Some twelve hours after this general mobilization, the Nobel Committee in Oslo announced it was awarding its Peace Prize to Barack Obama for his “extraordinary efforts to strengthen international diplomacy and cooperation between nations.” He was also selected because of his engagement in favor of a world free of nuclear weapons. The honoree in Washington reacted with “humility” to the unexpected honor.

Congratulations from America’s NATO partners in Afghanistan followed, with French President Nicolas Sarkozy saying he was certain the award would encourage the world to work together with Obama and America in order to achieve common goals. He closed his remarks with a solemn observation that the award is a symbol of “the return of America to the hearts of the peoples of the world.”

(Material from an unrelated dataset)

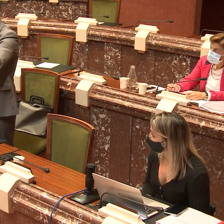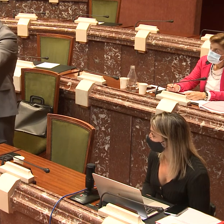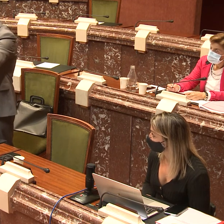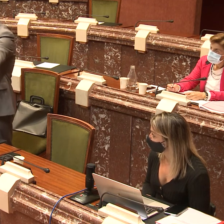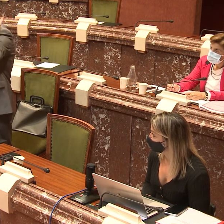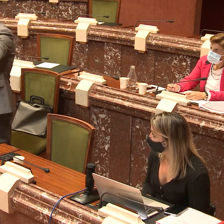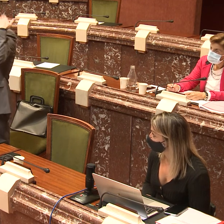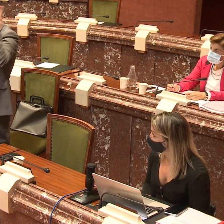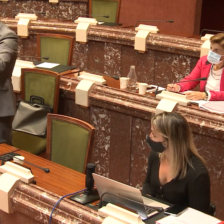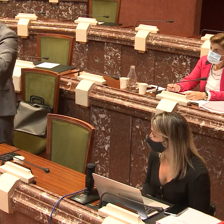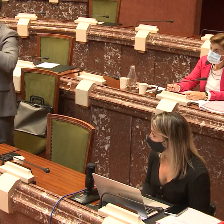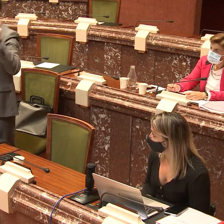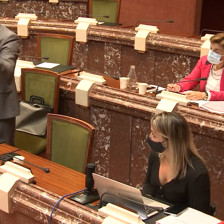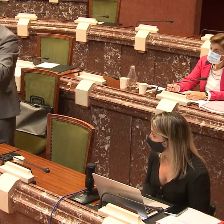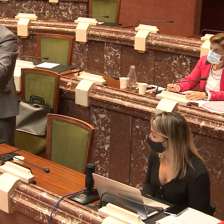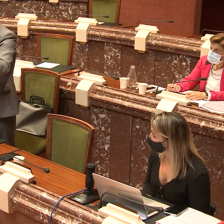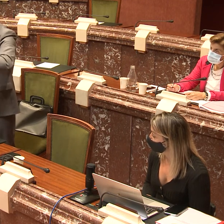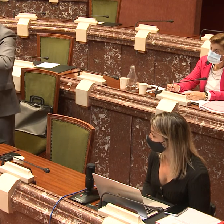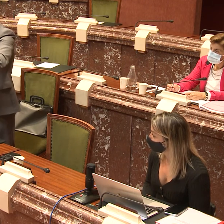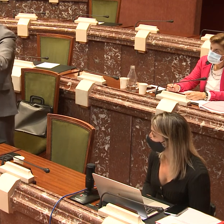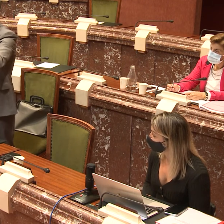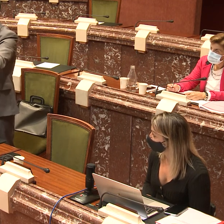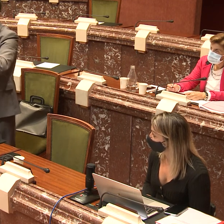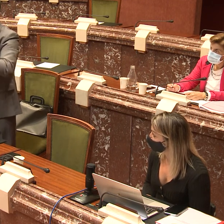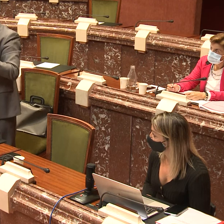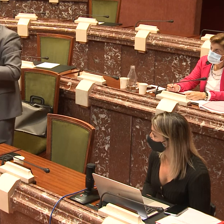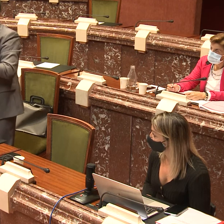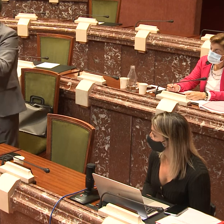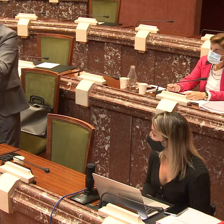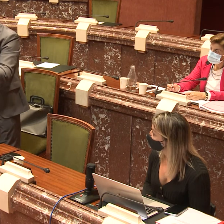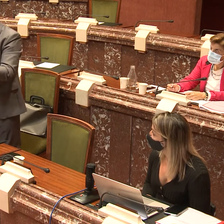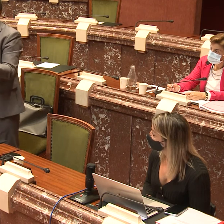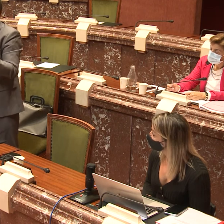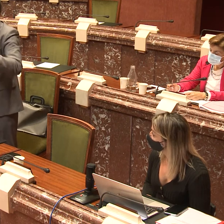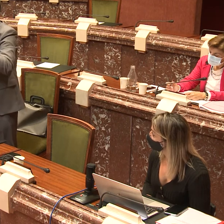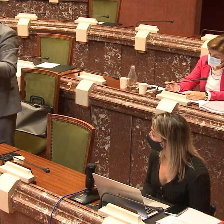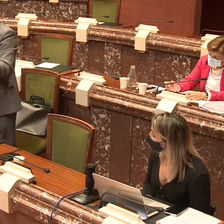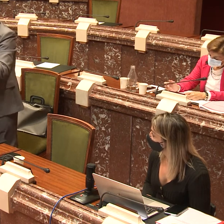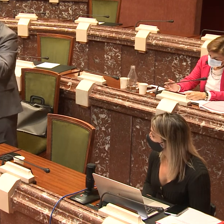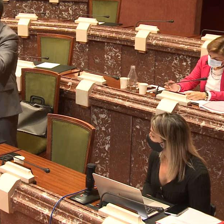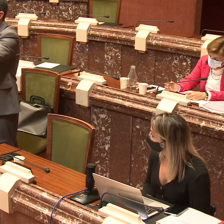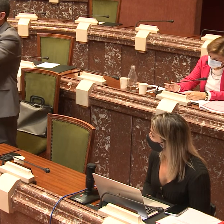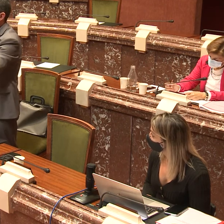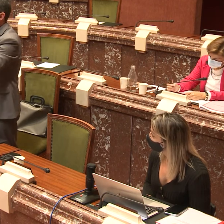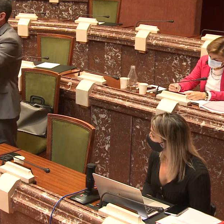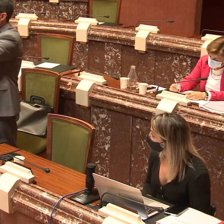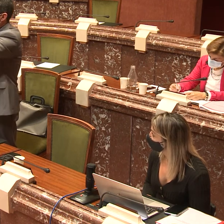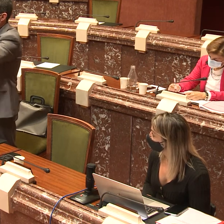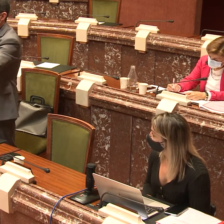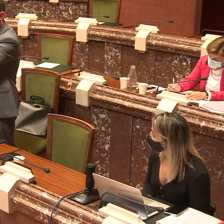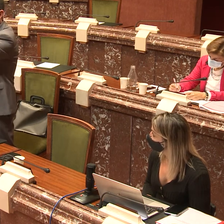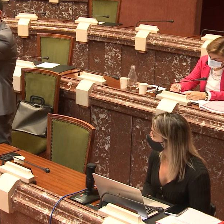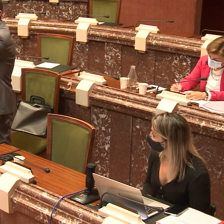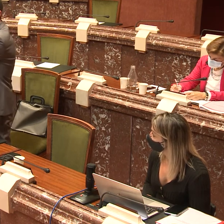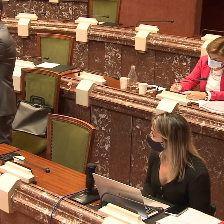Sí, como se ha dicho, que cada legislatura anterior y eso siempre nos hemos reunido y se han ido presentando nuestras demandas y

Chancellor Angela Merkel declared that Obama’s “support for a nuclear weapons-free world was a goal we should all be striving to achieve.” The CDU politician thereby endorsed something she herself has yet to work toward. Guido Westerwelle, the FDP chief who has hopes of becoming Germany’s next foreign minister, called the award “moral support for a policy based on cooperation rather than confrontation, disarmament rather than rearmament.”

The German Federal Council for Peace, on the other hand, criticized the award as “a colossal mistake.” In the first place, Obama’s speeches in Prague and Cairo, in which he expressed his willingness to enter nuclear disarmament negotiations, were still only “sweet-sounding promises” made while the United States was engaged in modernizing its nuclear weapons arsenal and developing new “bunker buster” bombs. In addition, Obama had just submitted the largest defense budget in U.S. history to Congress and proposed a troop surge in Afghanistan that will expand, rather than end, hostilities there.

The award decision made by Europeans was also puzzling to those in the Hindu Kush. A Taliban spokesman said Obama hadn’t yet “taken a single step toward peace in the region.” Instead, he had escalated the war by increasing the number of U.S. troops serving there. Obama, some said, “had Afghan blood on his hands,” and wonder, “why give the award to someone for sending more soldiers to Afghanistan to bomb and kill innocent people?”